▶ RECORDS SUPPLIED:
--------------------------------------------------

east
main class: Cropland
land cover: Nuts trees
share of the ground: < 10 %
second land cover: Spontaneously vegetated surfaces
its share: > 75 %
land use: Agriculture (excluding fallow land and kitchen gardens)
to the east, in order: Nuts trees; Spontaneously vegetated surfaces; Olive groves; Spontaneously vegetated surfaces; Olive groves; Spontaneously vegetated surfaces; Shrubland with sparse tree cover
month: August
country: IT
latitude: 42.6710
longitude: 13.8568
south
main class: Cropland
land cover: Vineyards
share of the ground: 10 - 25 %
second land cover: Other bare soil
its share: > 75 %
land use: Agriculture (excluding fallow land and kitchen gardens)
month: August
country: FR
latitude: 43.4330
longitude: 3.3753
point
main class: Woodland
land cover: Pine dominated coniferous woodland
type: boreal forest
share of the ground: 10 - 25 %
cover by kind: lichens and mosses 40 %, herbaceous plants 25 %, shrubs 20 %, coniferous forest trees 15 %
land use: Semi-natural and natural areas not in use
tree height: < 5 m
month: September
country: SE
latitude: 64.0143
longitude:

--------------------------------------------------

▶ ACTIVITY: The whole of the data is to be returned with every line intact.

▶ TASK OUTPUT:
east
main class: Cropland
land cover: Nuts trees
share of the ground: < 10 %
second land cover: Spontaneously vegetated surfaces
its share: > 75 %
land use: Agriculture (excluding fallow land and kitchen gardens)
to the east, in order: Nuts trees; Spontaneously vegetated surfaces; Olive groves; Spontaneously vegetated surfaces; Olive groves; Spontaneously vegetated surfaces; Shrubland with sparse tree cover
month: August
country: IT
latitude: 42.6710
longitude: 13.8568
south
main class: Cropland
land cover: Vineyards
share of the ground: 10 - 25 %
second land cover: Other bare soil
its share: > 75 %
land use: Agriculture (excluding fallow land and kitchen gardens)
month: August
country: FR
latitude: 43.4330
longitude: 3.3753
point
main class: Woodland
land cover: Pine dominated coniferous woodland
type: boreal forest
share of the ground: 10 - 25 %
cover by kind: lichens and mosses 40 %, herbaceous plants 25 %, shrubs 20 %, coniferous forest trees 15 %
land use: Semi-natural and natural areas not in use
tree height: < 5 m
month: September
country: SE
latitude: 64.0143
longitude:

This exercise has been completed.